(Items from a data source)
<<<<
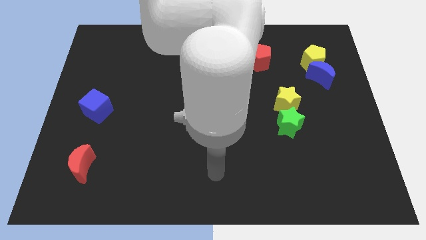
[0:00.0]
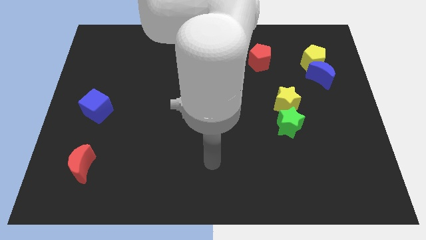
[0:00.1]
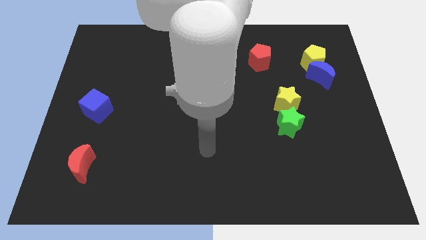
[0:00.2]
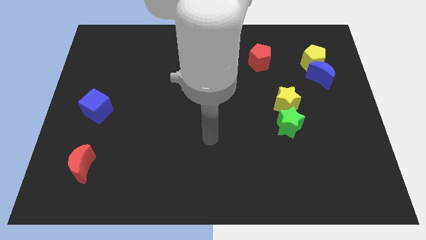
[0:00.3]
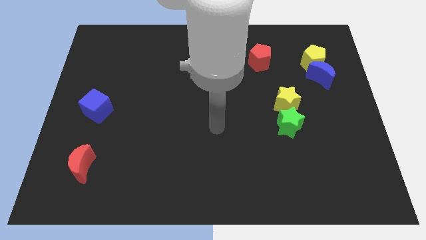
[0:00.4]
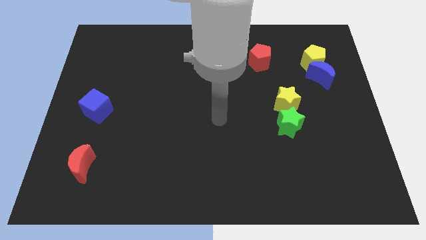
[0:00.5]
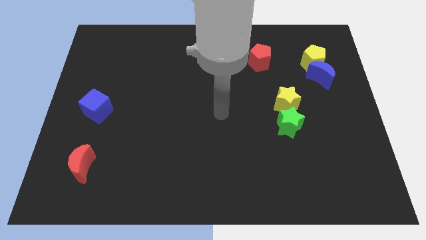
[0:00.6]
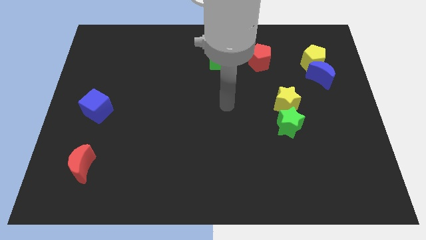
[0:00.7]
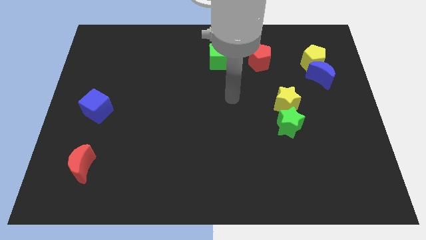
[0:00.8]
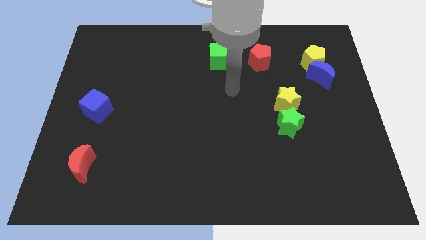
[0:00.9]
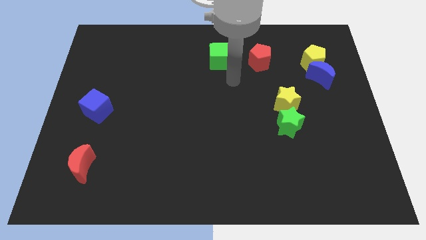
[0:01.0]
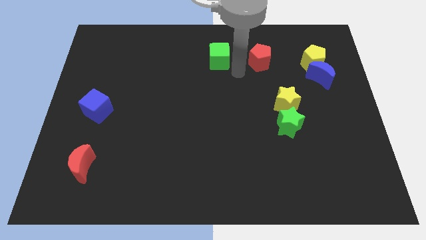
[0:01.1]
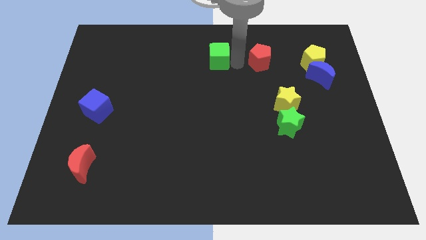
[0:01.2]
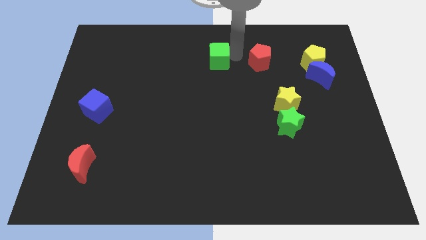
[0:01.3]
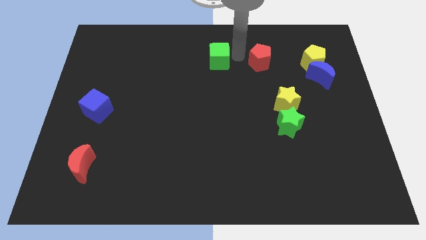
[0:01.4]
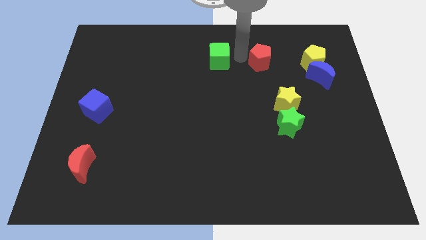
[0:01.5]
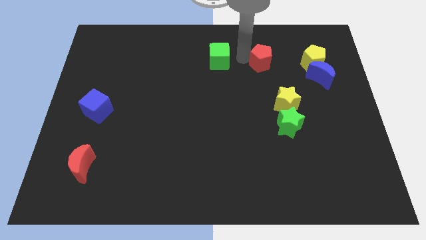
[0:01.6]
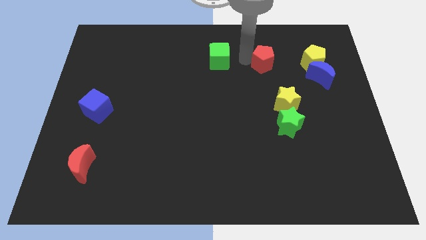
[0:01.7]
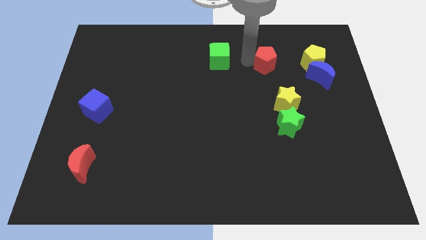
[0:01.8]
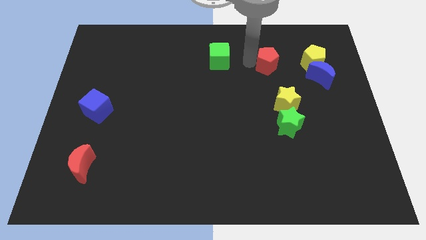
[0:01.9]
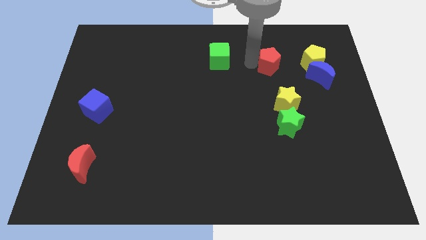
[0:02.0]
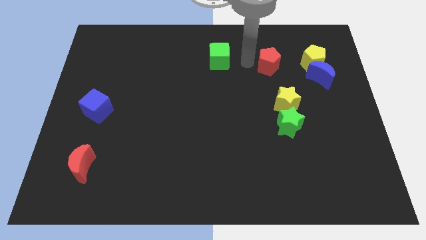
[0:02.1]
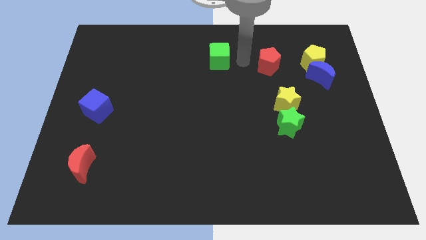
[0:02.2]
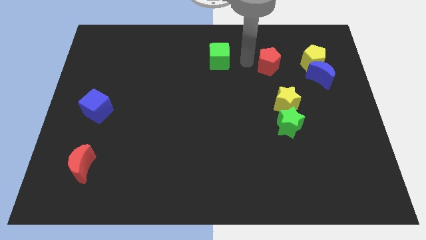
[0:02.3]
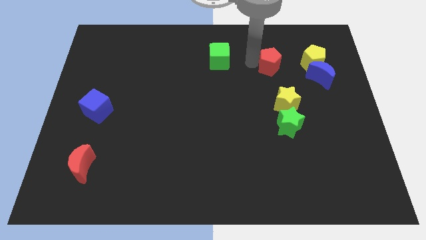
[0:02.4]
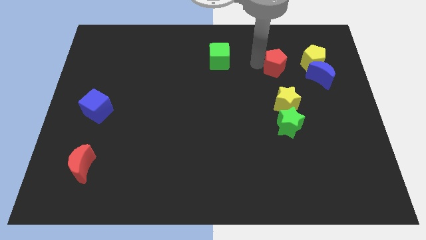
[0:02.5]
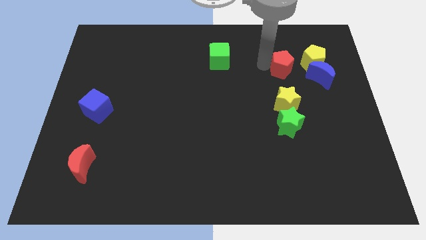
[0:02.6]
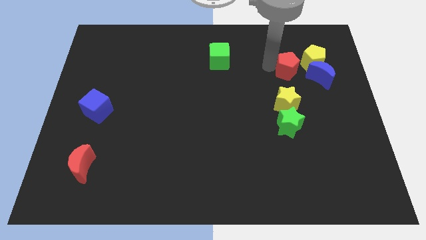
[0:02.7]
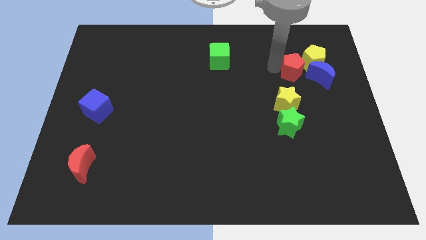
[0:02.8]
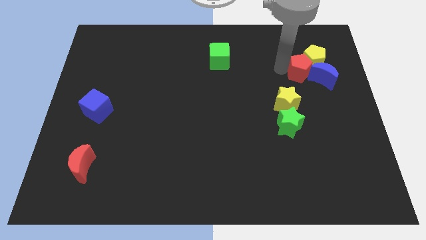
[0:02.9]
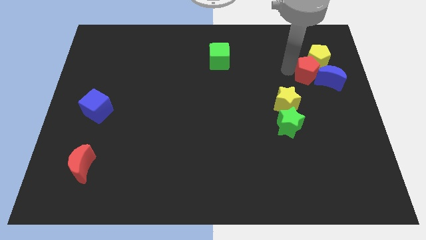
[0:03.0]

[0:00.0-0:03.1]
move the red pentagon next to the blue moon
>>>>
# Task brief
Repeat every record exactly, but not the pictures.

# Expected output
[0:00.0]
[0:00.1]
[0:00.2]
[0:00.3]
[0:00.4]
[0:00.5]
[0:00.6]
[0:00.7]
[0:00.8]
[0:00.9]
[0:01.0]
[0:01.1]
[0:01.2]
[0:01.3]
[0:01.4]
[0:01.5]
[0:01.6]
[0:01.7]
[0:01.8]
[0:01.9]
[0:02.0]
[0:02.1]
[0:02.2]
[0:02.3]
[0:02.4]
[0:02.5]
[0:02.6]
[0:02.7]
[0:02.8]
[0:02.9]
[0:03.0]

[0:00.0-0:03.1]
move the red pentagon next to the blue moon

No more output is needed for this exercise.